§ Recorded data:
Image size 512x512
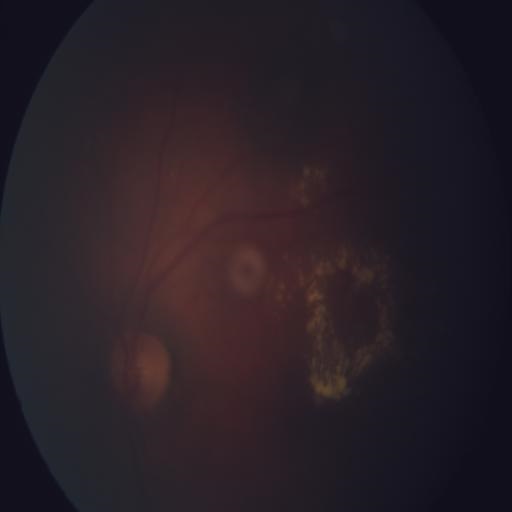

Abnormalities:
- exudation
- media haze
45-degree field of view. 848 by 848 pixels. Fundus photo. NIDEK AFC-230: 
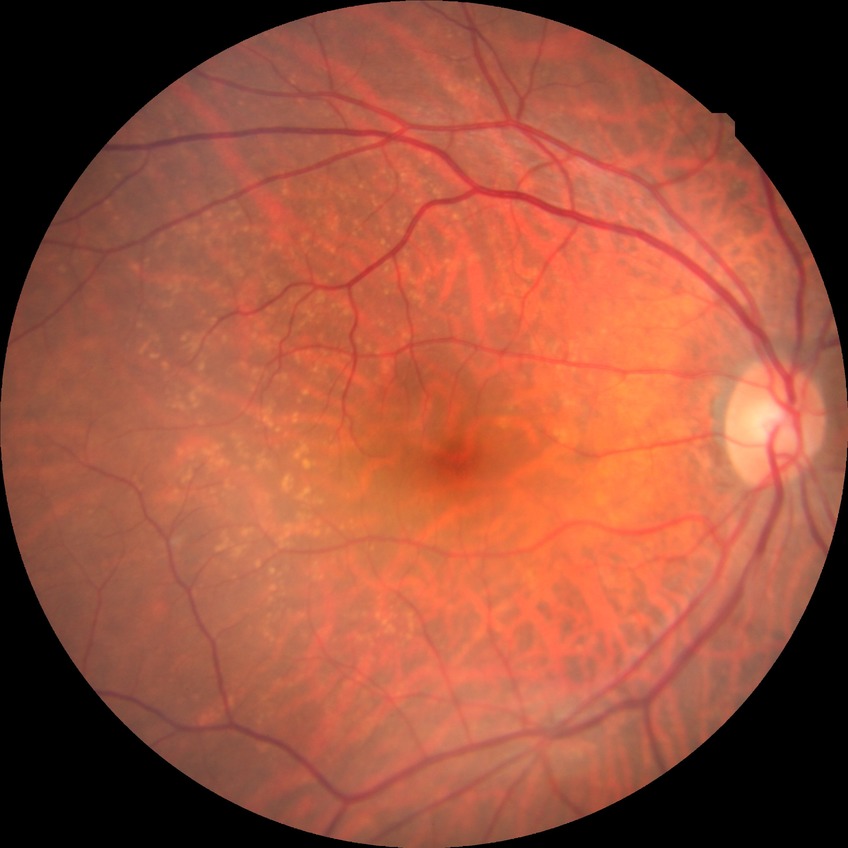

Diabetic retinopathy (DR): NDR (no diabetic retinopathy).

§ Exercise brief:
Exclude every picture, then reproduce the remaining data character for character.

§ Task solution:
Image size 512x512

Abnormalities:
- exudation
- media haze
45-degree field of view. 848 by 848 pixels. Fundus photo. NIDEK AFC-230: 

Diabetic retinopathy (DR): NDR (no diabetic retinopathy).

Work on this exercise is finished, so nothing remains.